I'm currently trying to set up a fermentation specific gravity monitor, using a tilt sensor. The process can take several weeks, and must be contained in a sterile container, so must be battery powerered. I'm using a slightly modified ESP8266-01, which enters sleep mode then wakes once an hour to take a measurement, transmit the data, and return to sleep mode. I'm using an MPU6050 for the tilt sensor. Firstly, I can't seem to put the mpu into sleep mode when the esp is off, it always seems to take around 4mA, and secondly, I only need one axis, is it possible to disable everything else to limit power consumption further?

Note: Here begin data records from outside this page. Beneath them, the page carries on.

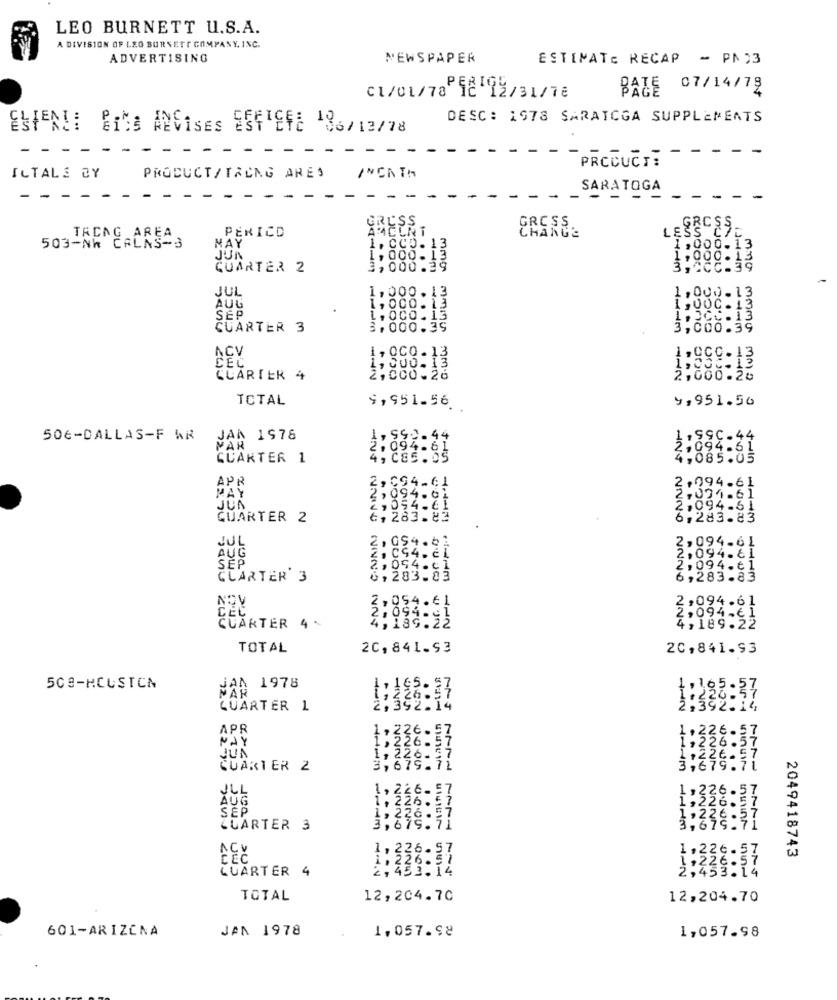
LEO BURNETT U.S.A.
A DIVISION OF LEO BURNETT COMPANY, INC.
ADVERTISING
NEWSPAPER
ESTIMATE RECAP - PN)3
BATE 07/14/78
C1/01/78 212/31/
DESC: 1978 SARATOGA SUPPLEMENTS
ESFENIE Bits ANDISES ES4TEFE 136/13/78
- - -
PRCCUCI:
ILTALE BY
PRODUCT/ TRCNG ARES
SARATOGA
- - -
- -
GRUSS
PERICD
AMCENT
LESS CHE
GROSS_
TRDAG AREA
CHANGE
503-NR CALNS-3
NAY
1. CCD. 13
1,000.13
JUN
1, 000 . 13
1,000. 12
GUARTER 2
3,000.39
3,2CC.39
JUL
1, 000.13
1,000.13
AUG
1,000.13
1,00C.13
SEP
L . OCO . 13
1. 3CC . 13
CUARTER 3
3, 000.39
3,000.39
ACV
1, 0CO . 13
1,CCC.13
CEC
1, 000- 13
1,005.13
CUARTER 4
2,000.26
2,000.26
TOTAL
9,951.50
9, 951.56.
506-DALLAS-F WR
JAN 1978
VAN
AN
2,094-61
QUARTER 1
4,085.0
APR
2,094.61
2.094.61
MAY
2,094.61
2.094.61
2,094.61
QUARTER 2
&, 283.82
6,283.83
HNT NUNO
JU
2,054.61
2,094-61
AUG
SEP
2, CS4. El
,094.81
2, 054. c1
2,094.¢1
CLARTER 3
6,283.83
6,283.83
NOV
3,094.61
CEC
2,094.6 1
4%
3:094-32
QUARTER
4,189:2
4,189.22
TOTAL
20, 841.93
20, 841.93
wn-
NOU
508-HCUSTCN
NA0 1978
-
QUARTER 1
--
...
APR
6.57
PAY
26.57
JUA
222
CUARTER 2
JLL
1,
6.57
AUG
1, 246 - 5
SEP
. . .
LUARTER 3
3,679.7
NNO
2227
7774
ACY
2049418743
QUARTER 4
NAIn
:14
NN+
som
TOTAL
12,204.70
12,204.70
601-ARIZONA
JAN 1978
1,057.98
1,057.98
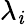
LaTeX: \lambda_{\mathit{i}}
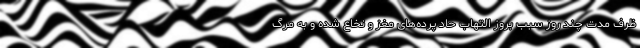
ظرف مدت چند روز سبب بروز التهاب حاد پرده‌های مغز و نخاع شده و به مرگ
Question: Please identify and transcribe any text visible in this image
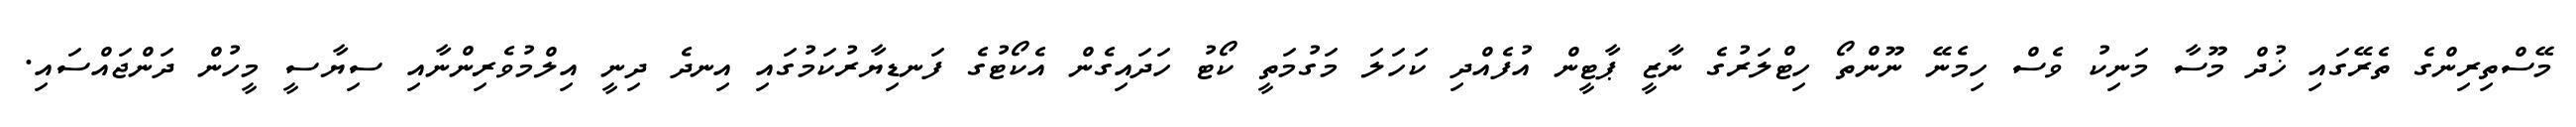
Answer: މޭސްތިރިންގެ ތެރޭގައި ޚުދް މޫސާ މަނިކު ވެސް ހިމެނޭ ނޫންތޯ ހިޓްލަރުގެ ނާޒީ ޕާޓީން އުފެއްދި ކަހަލަ މަގުމަތީ ކޯޓު ހަދައިގެން އެކޯޓުގެ ފަނޑިޔާރުކަމުގައި އިނދެ ދިނީ އިލްމުވެރިންނާއި ސިޔާސީ މީހުން ދަންޖައްސައި.
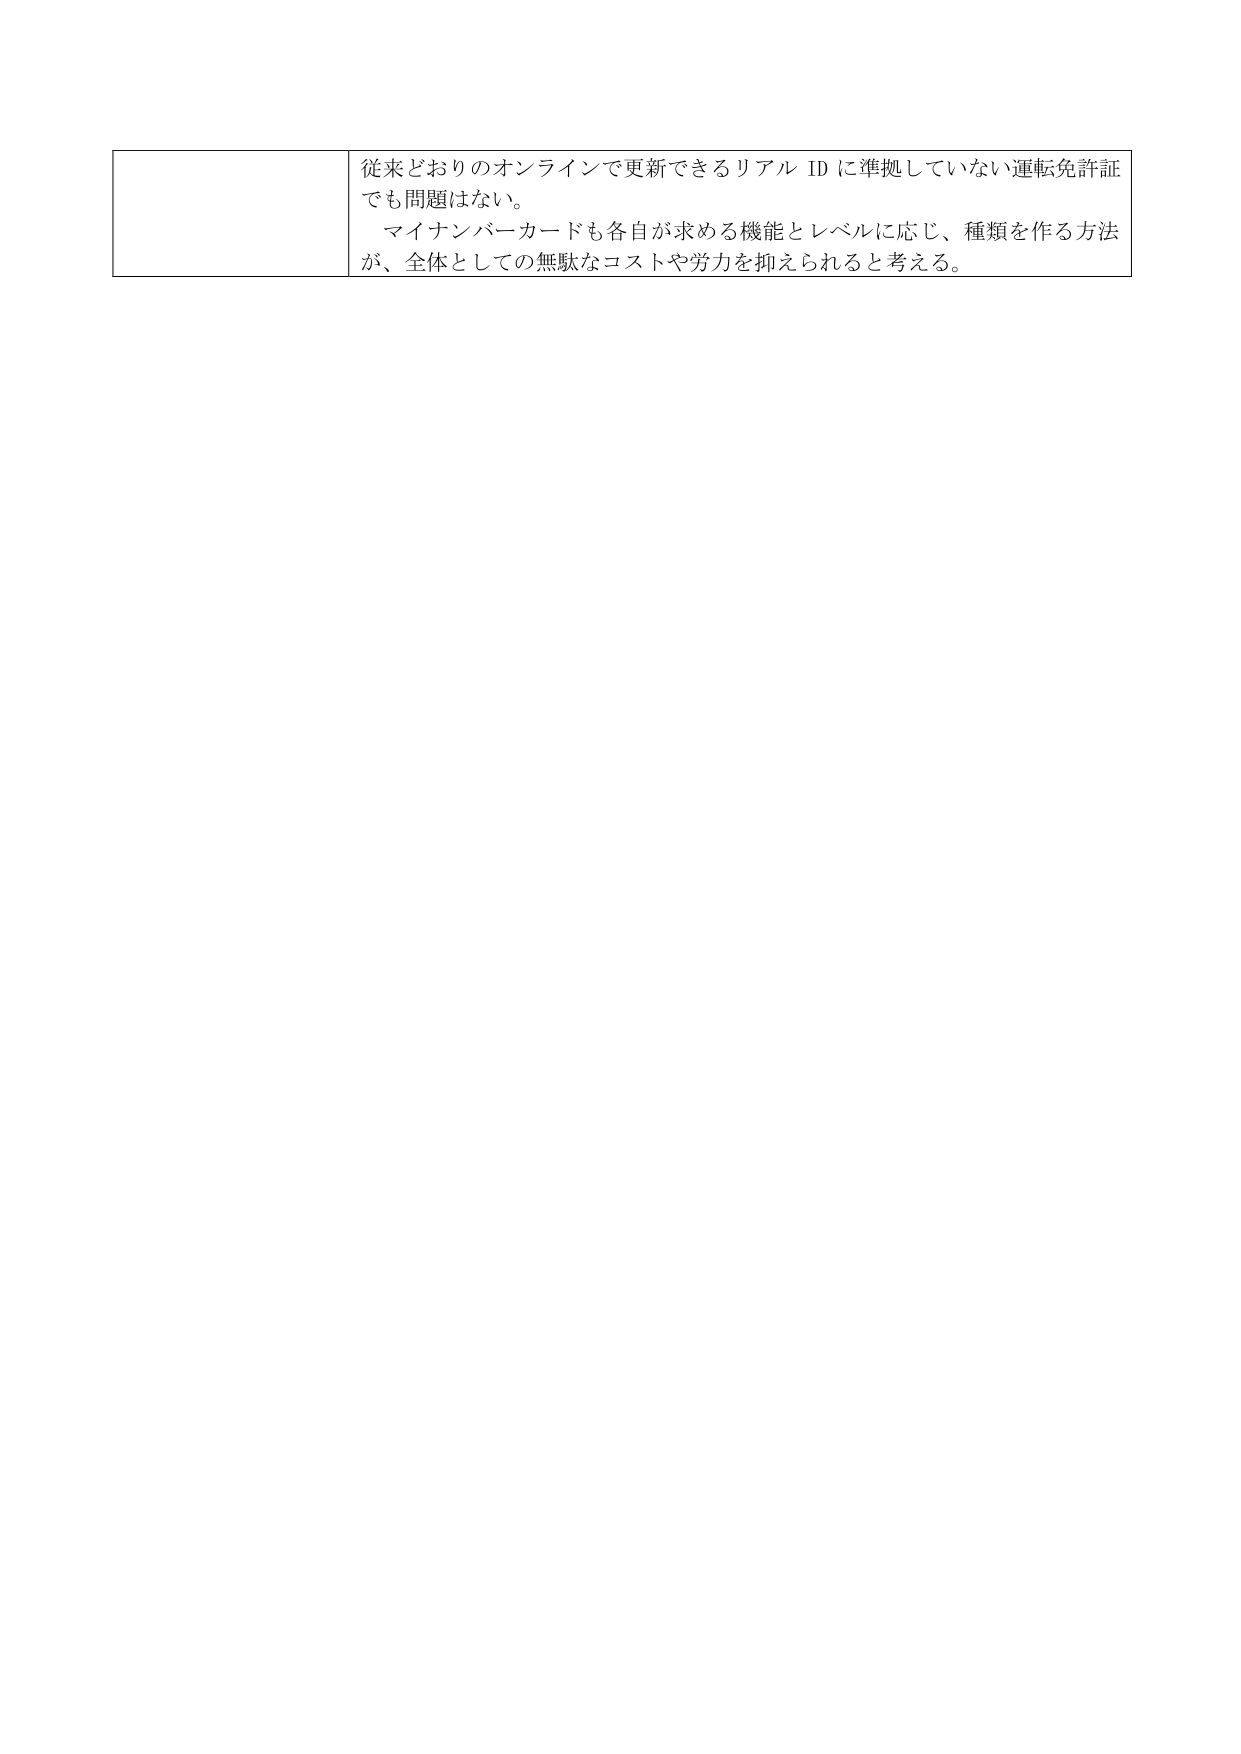
従来どおりのオンラインで更新できるリアル ID に準拠していない運転免許証
でも問題はない。
マイナンバーカードも各自が求める機能とレベルに応じ、種類を作る方法
が、全体としての無駄なコストや労力を抑えられると考える。
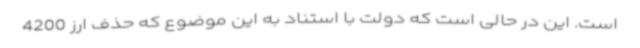
است. این در حالی است که دولت با استناد به این موضوع که حذف ارز 4200
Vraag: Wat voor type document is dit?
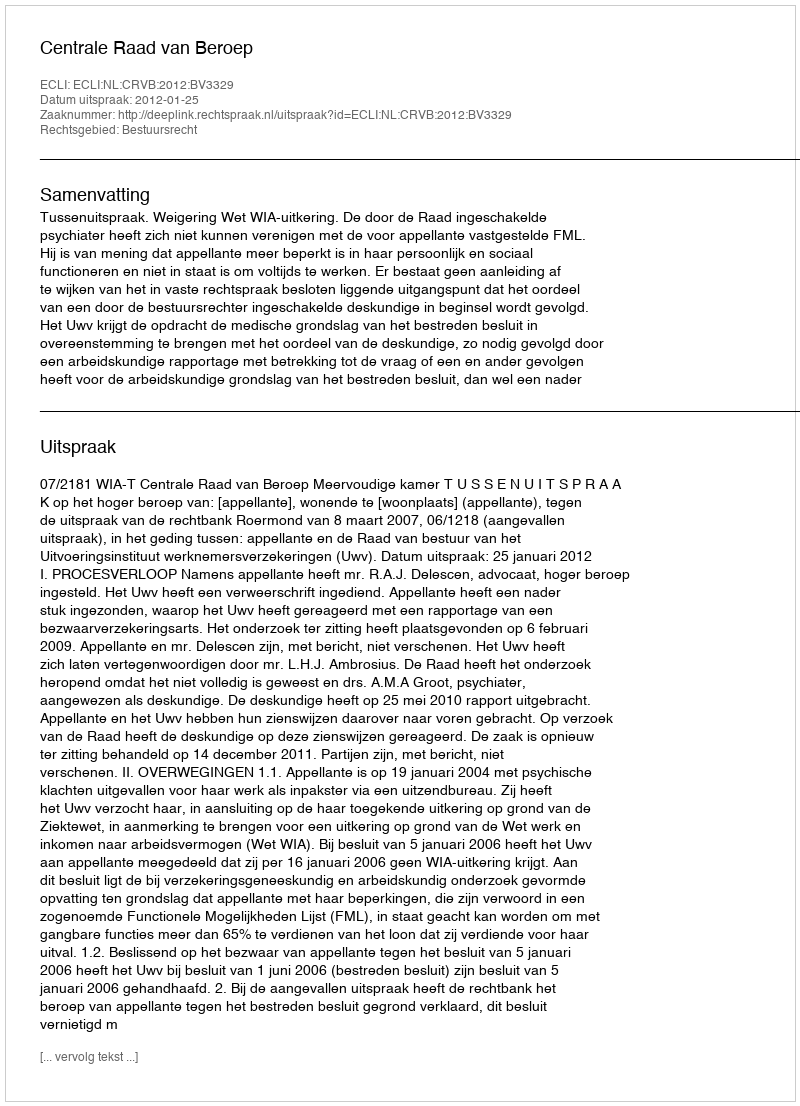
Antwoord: Uitspraak
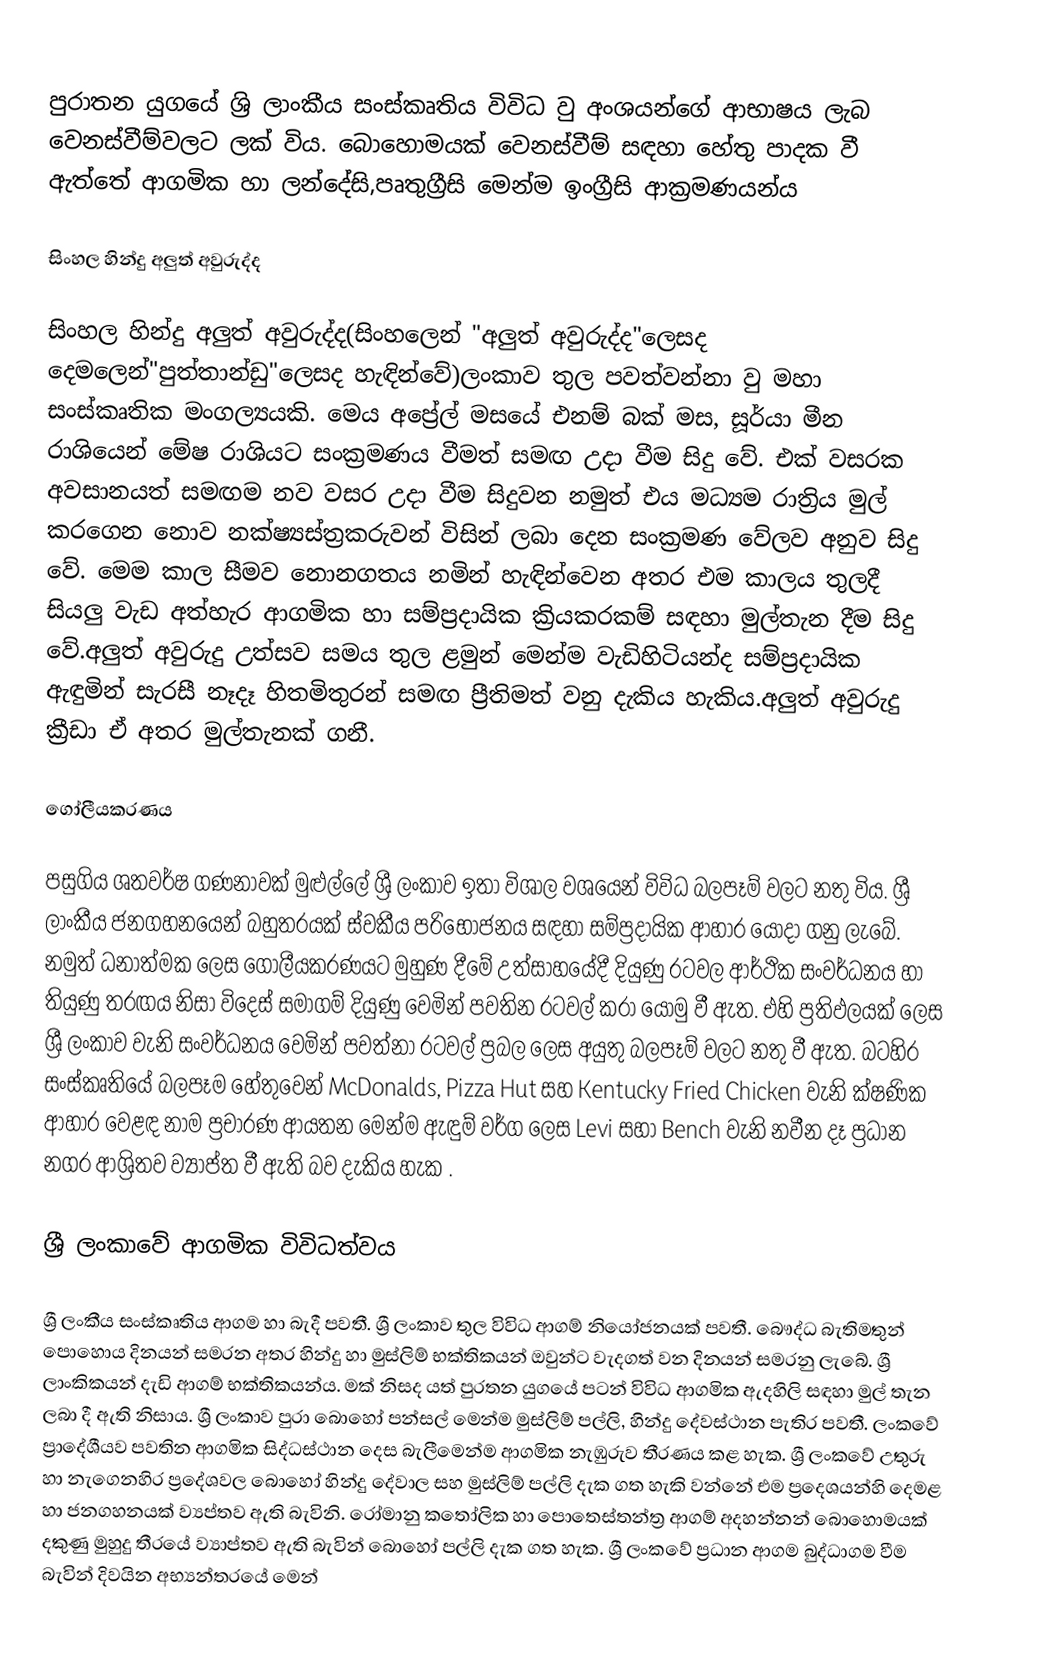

I can't seem to find anything in the manual to disable axis, only to calibrate them. my code is below
experimenting with the registers below seem to make no difference, adding them, taking them out altogether, still takes around 4mA. Tried setting to 1 to put the mpu to sleep at the end of the cycle but makes no difference.
Wire.write(0x6B);
Wire.write(0);
I'm very new to this and im struggling to interpret the manual when it refers to bit6 in addr 6b, how do i set bit 6?
If i could restict the mpu to only 1 axis, no acceleration, and to deep sleep inbetween measurements I should be able to get the power consumption around 0.5mA which gives me agood battery life using a single 18650. Any advice would be greatly appreciated!
#include <ESP8266WiFi.h>
#include <PubSubClient.h>
#include <OneWire.h>
#include <DallasTemperature.h>
#include "MPU6050.h"
#include "I2Cdev.h"
#include "Wire.h"
// Update these with values suitable for your network.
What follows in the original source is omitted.